エリート弁護士は契約妻と愛を交わすまで諦めない
「もうひとり来るんだけど、遅くなるみたい」
「え、誰?」
「英里子」
知佳の口から出た名前に頭が真っ白になる。砂川英里子は私の親友だった。そして、裏切られた。あの浴室での光景が蘇ってきて、久しぶりにぐっと胃を締め上げられる感覚に襲われる。

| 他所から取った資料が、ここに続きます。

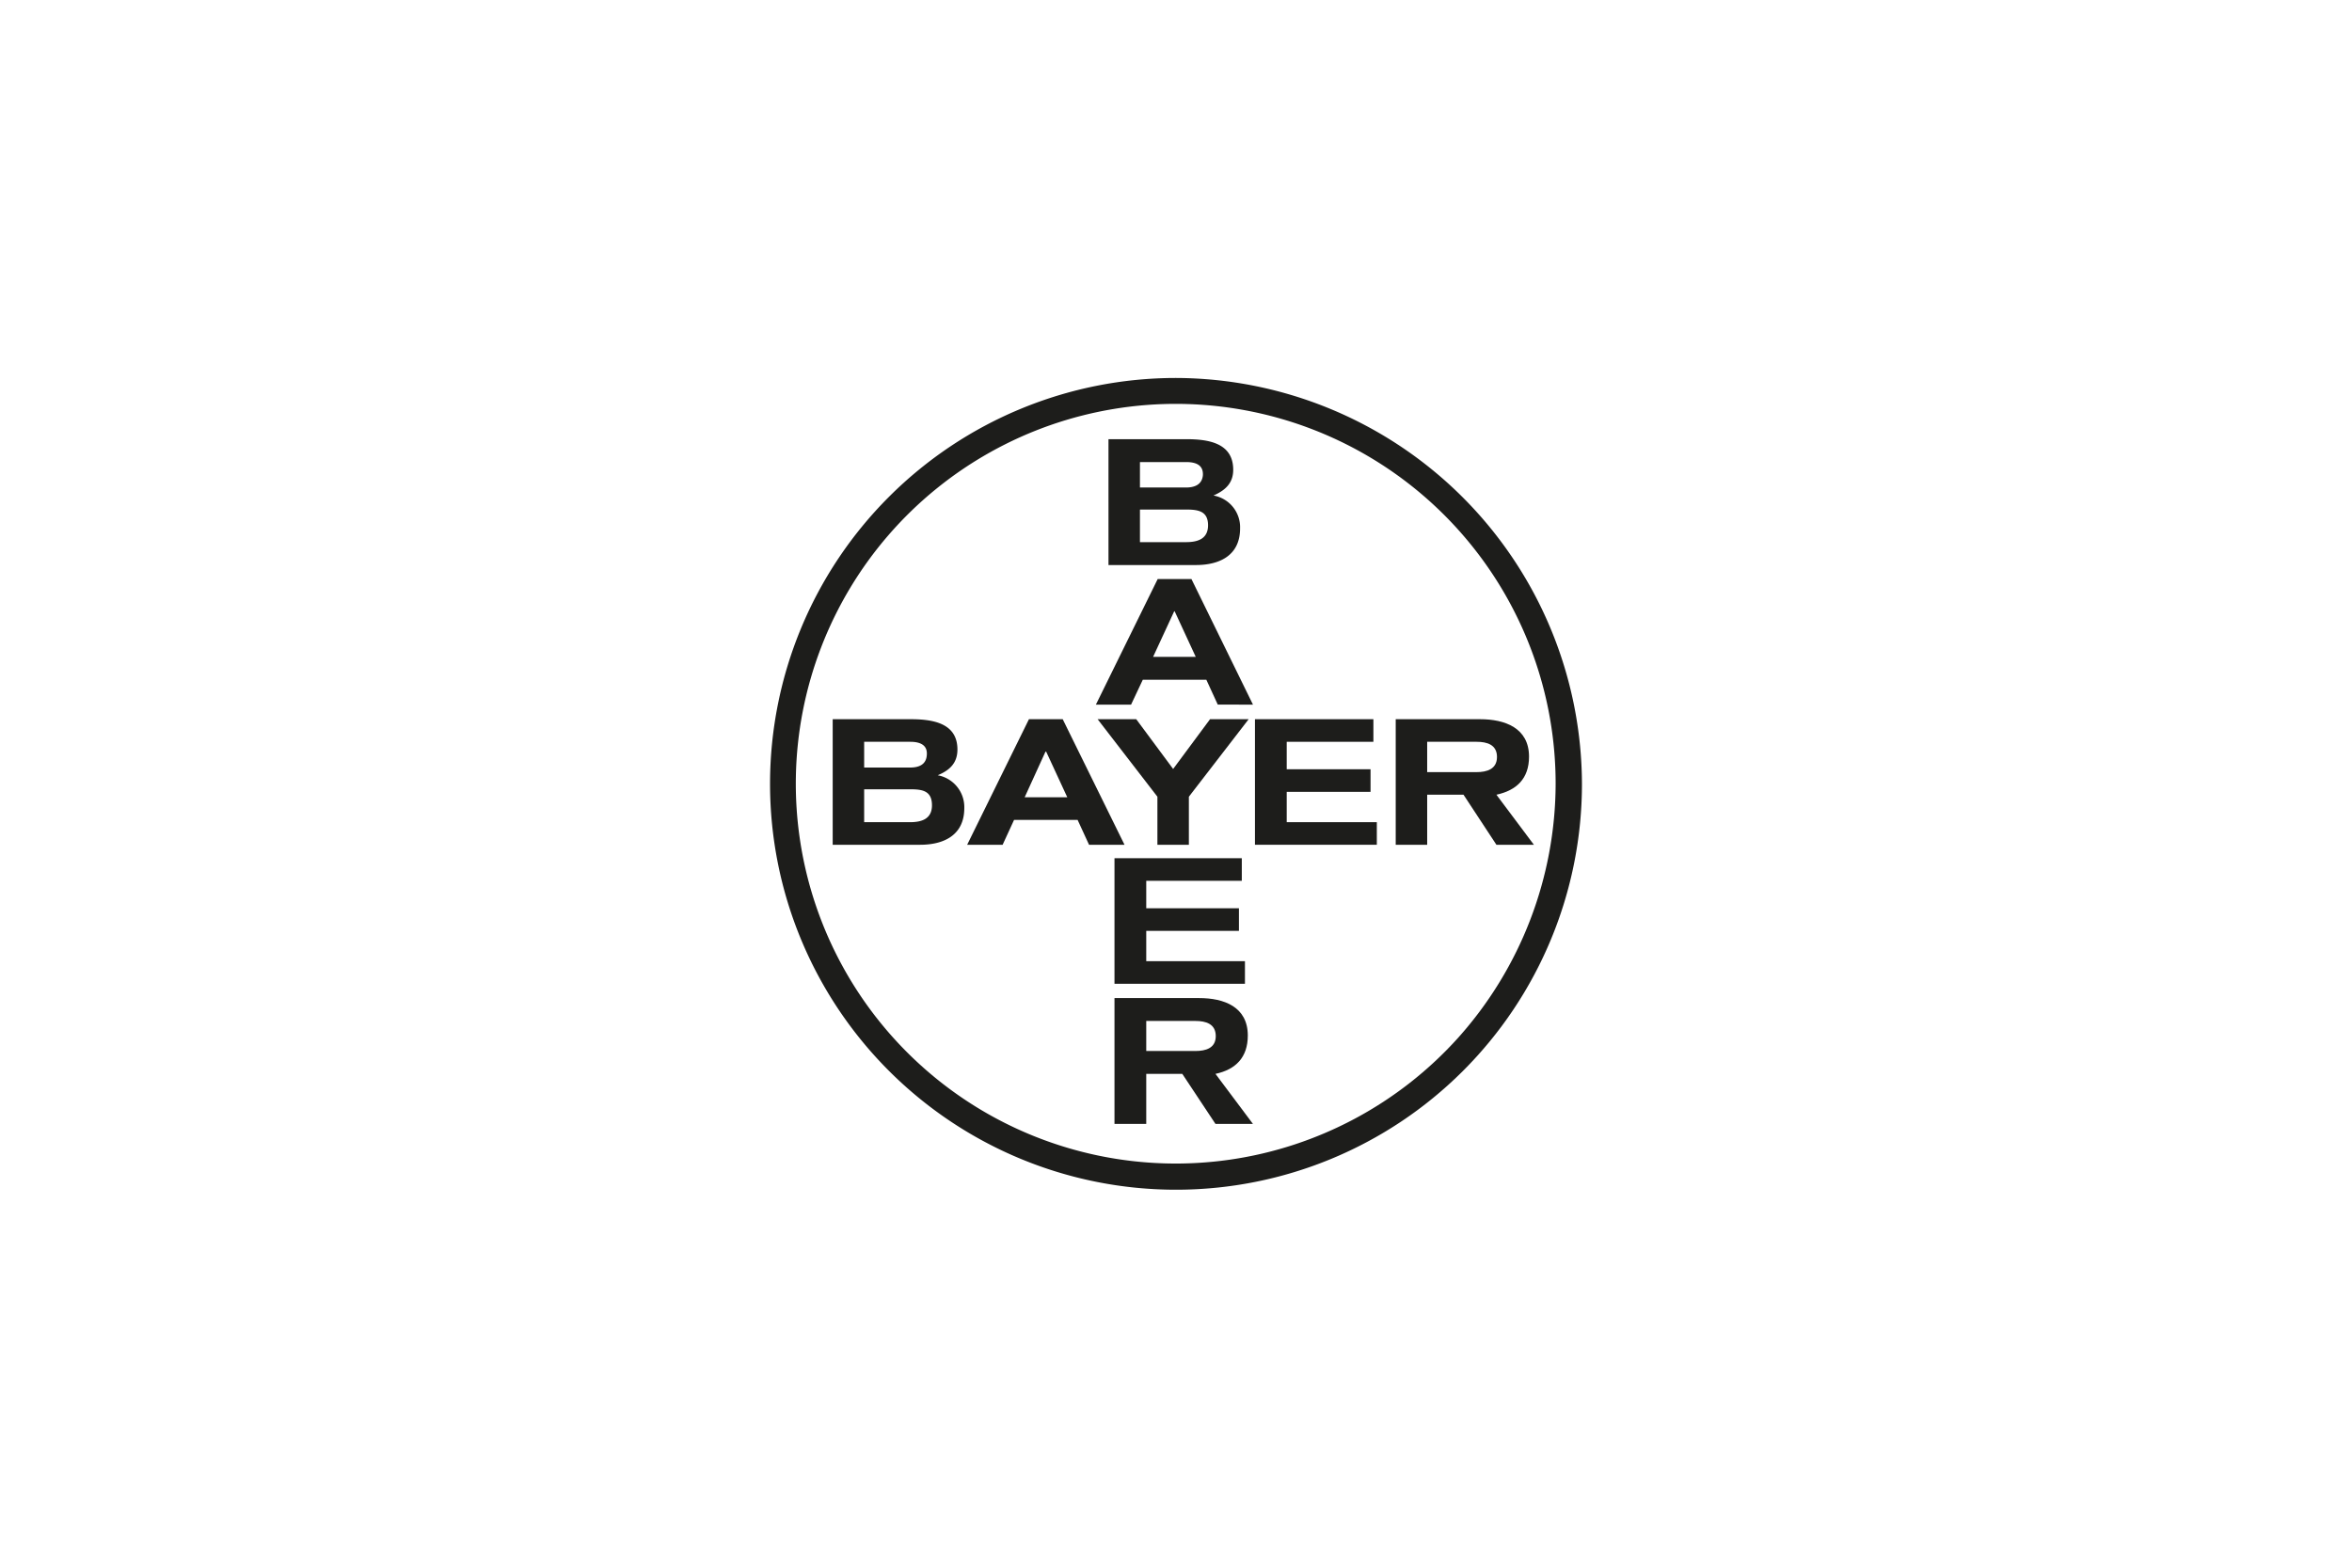 <svg xmlns="http://www.w3.org/2000/svg" viewBox="0 0 300 200"><g id="bdb22627-f497-49db-9106-e78fc75e0892" data-name="BAYER"><polygon points="87.713 37.713 212.287 37.713 212.287 162.287 87.713 162.287 87.713 37.713 87.713 37.713" style="fill:none;fill-rule:evenodd"/><path d="M150,48.22A51.78,51.78,0,1,0,201.78,100,51.953,51.953,0,0,0,150,48.22Zm35.98,84.184A48.458,48.458,0,1,1,198.423,100,48.766,48.766,0,0,1,185.98,132.404Z" style="fill:#1d1d1b;fill-rule:evenodd"/><polygon points="149.635 98.102 154.342 91.753 159.268 91.753 151.642 101.642 151.642 107.772 147.628 107.772 147.628 101.642 140.002 91.753 144.928 91.753 149.635 98.102 149.635 98.102" style="fill:#1d1d1b;fill-rule:evenodd"/><polygon points="175.616 104.89 175.616 107.772 160.071 107.772 160.071 91.753 175.178 91.753 175.178 94.636 164.122 94.636 164.122 98.139 174.814 98.139 174.814 101.022 164.122 101.022 164.122 104.89 175.616 104.89 175.616 104.89" style="fill:#1d1d1b;fill-rule:evenodd"/><polygon points="158.794 122.624 158.794 125.507 142.154 125.507 142.154 109.487 158.393 109.487 158.393 112.37 146.205 112.37 146.205 115.873 158.028 115.873 158.028 118.756 146.205 118.756 146.205 122.624 158.794 122.624 158.794 122.624" style="fill:#1d1d1b;fill-rule:evenodd"/><path d="M135.55,91.753h-4.306l-7.882,16.019h4.525l1.46-3.175h8.101l1.46,3.175h4.525Zm-4.853,9.962,2.664-5.838.036.037.036-.037,2.7,5.838Z" style="fill:#1d1d1b;fill-rule:evenodd"/><path d="M119.604,98.905c1.496-.62,2.518-1.532,2.518-3.284,0-3.43-3.248-3.868-6.021-3.868H106.211v16.019h11.166c3.029,0,5.62-1.241,5.62-4.671A4.134,4.134,0,0,0,119.604,98.905ZM110.225,94.636h5.875c1.131,0,2.226.328,2.116,1.678-.073,1.241-1.022,1.606-2.116,1.606h-5.875Zm5.875,10.254h-5.875v-4.196h5.875c1.533,0,2.773.182,2.773,2.043C118.874,104.452,117.596,104.89,116.1,104.89Z" style="fill:#1d1d1b;fill-rule:evenodd"/><path d="M190.869,101.387c2.554-.547,4.16-2.043,4.16-4.853,0-3.686-3.102-4.78-6.24-4.78H178.025v16.019h4.014v-6.386h4.634l4.197,6.386h4.78Zm-2.518-2.883h-6.313V94.636h6.313c1.314,0,2.591.365,2.591,1.934C190.942,98.139,189.629,98.504,188.351,98.504Z" style="fill:#1d1d1b;fill-rule:evenodd"/><path d="M154.78,63.217c1.496-.657,2.518-1.569,2.518-3.284,0-3.467-3.248-3.904-6.021-3.904h-9.889V72.085h11.166c3.029,0,5.62-1.24,5.62-4.671A4.107,4.107,0,0,0,154.78,63.217Zm-9.378-4.269h5.875c1.131,0,2.226.292,2.153,1.678-.11,1.204-1.058,1.569-2.153,1.569H145.402Zm5.875,10.217H145.402V65.006h5.875c1.533,0,2.81.182,2.81,2.007C154.087,68.728,152.81,69.165,151.277,69.165Z" style="fill:#1d1d1b;fill-rule:evenodd"/><path d="M151.97,73.873h-4.306l-7.882,16.019h4.488l1.496-3.175H153.868l1.459,3.175H159.816Zm-4.89,9.925,2.701-5.838.036.073v-.073l2.7,5.838Z" style="fill:#1d1d1b;fill-rule:evenodd"/><path d="M155.036,137.001c2.554-.547,4.123-2.08,4.123-4.89,0-3.686-3.065-4.78-6.203-4.78H142.154v16.056h4.051v-6.386h4.598l4.233,6.386H159.816Zm-2.554-2.919H146.205V130.25h6.276c1.314,0,2.591.365,2.591,1.934C155.072,133.717,153.795,134.082,152.481,134.082Z" style="fill:#1d1d1b;fill-rule:evenodd"/></g></svg>

「一昨日偶然会ってね。その時に来たいっていうから。お祝いの席だし、私たちあんまり会えてなかったから」
「柚は仲良かったよね?」
「え、えっと、今は会ってないけど……」
「お待たせ」
少しハスキーな声が後ろから聞こえてきた。背中に汗がぶわっと噴き出す。
「わぁ、英里子久しぶり!」
「うん、みんな久しぶり。真美、結婚おめでとう」
「ありがとう」
私を除く他の子たちは英里子と笑顔で会話をし始める。私はじっと椅子に座って石のように固まるだけ。
本当に来た。
しかも、向かい側の席。真正面から見ても彼女が動じる素振りはない。
どういう神経してるの?
ガンガン頭の中で大きな鐘が鳴っている。あの倒れる直前と同じ。うるさくて思考力を奪う。
頭が割れそう。
でも、笑顔を張り付けて真美と旦那さんの現状を聞く。真美のお祝いのために来たのだから、倒れるなんてできない。
気力で堪えていたものの、食事が運ばれてきても気持ち悪くて口に運ぶことができない。おいしそうに盛り付けられた前菜やパスタなどを食べなければと思えば思うほど、喉の奥に重い石が詰まったみたいに入っていかない。
「大丈夫、柚?食欲ないの?」
「う、うん」
奈々子が気を遣ってくれるのに、曖昧に頷く。正直、いつまで持つか。これ以上気持ち悪くなって吐きそうになったらどうしよう。気が気じゃなくて心臓がずっとバクバクと大きく軋んでいる。